Así siguió hasta el final. Reapareció en abril de 2024 en el Salón Internacional del Mueble de Milán como responsable de una experiencia inmersiva que denominó The Thinking Room, con salas circulares ambientadas con las características cortinas de terciopelo rojo de Twin Peaks y El camino de los sueños. Allí, el dispositivo escénico diseñado por Lynch transforma en un momento todo ese rojo en oscuridad absoluta.
“Admiro a las personas que tienen una idea y que luego la pintan. Eso jamás me podría pasar. No sé por qué. Apenas empiezo se convierte inmediatamente en algo distinto”, dice en otro tramo del libro Lynch por Lynch. Allí está seguramente el origen de ese talento inusual que distingue a Lynch de cualquier otro creador: el descubrimiento de lo inesperado. Siempre decía que el verdadero arte es el que plantea preguntas en vez de dar respuestas.

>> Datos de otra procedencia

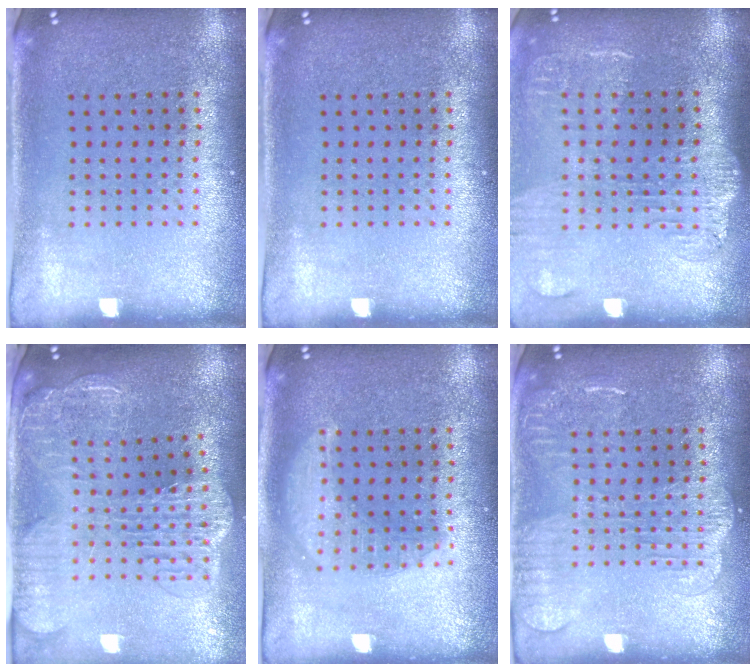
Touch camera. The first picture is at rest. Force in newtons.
{"total": 0.0}
{"total": 1.9, "press": 1.6, "slide": 1.1}
{"total": 3.1, "press": 2.6, "slide": 1.8}
{"total": 2.8, "press": 2.8, "slide": 0.3}
{"total": 2.8, "press": 2.8, "slide": 0.3}

Pero detrás de todos los experimentos, las búsquedas inusuales, los caminos de vanguardia y las elecciones artísticas muchas veces incomprendidas (y quizás también incomprensibles) de un creador fuera de lo común, el genio de David Lynch también se expresa desde otro anclaje. Lo capturó, cuándo no, Steven Spielberg, un artista absolutamente hecho de cine, que lo eligió para ocupar el centro de la escena en uno de los más espléndidos momentos de su película autobiográfica. Lynch personifica a John Ford en el tramo final de Los Fabelman (disponible en Prime Video).
Detrás de todo y después de todo, como siempre, Spielberg imprime en la pantalla la verdad. David Lynch también fue, es y será un clásico.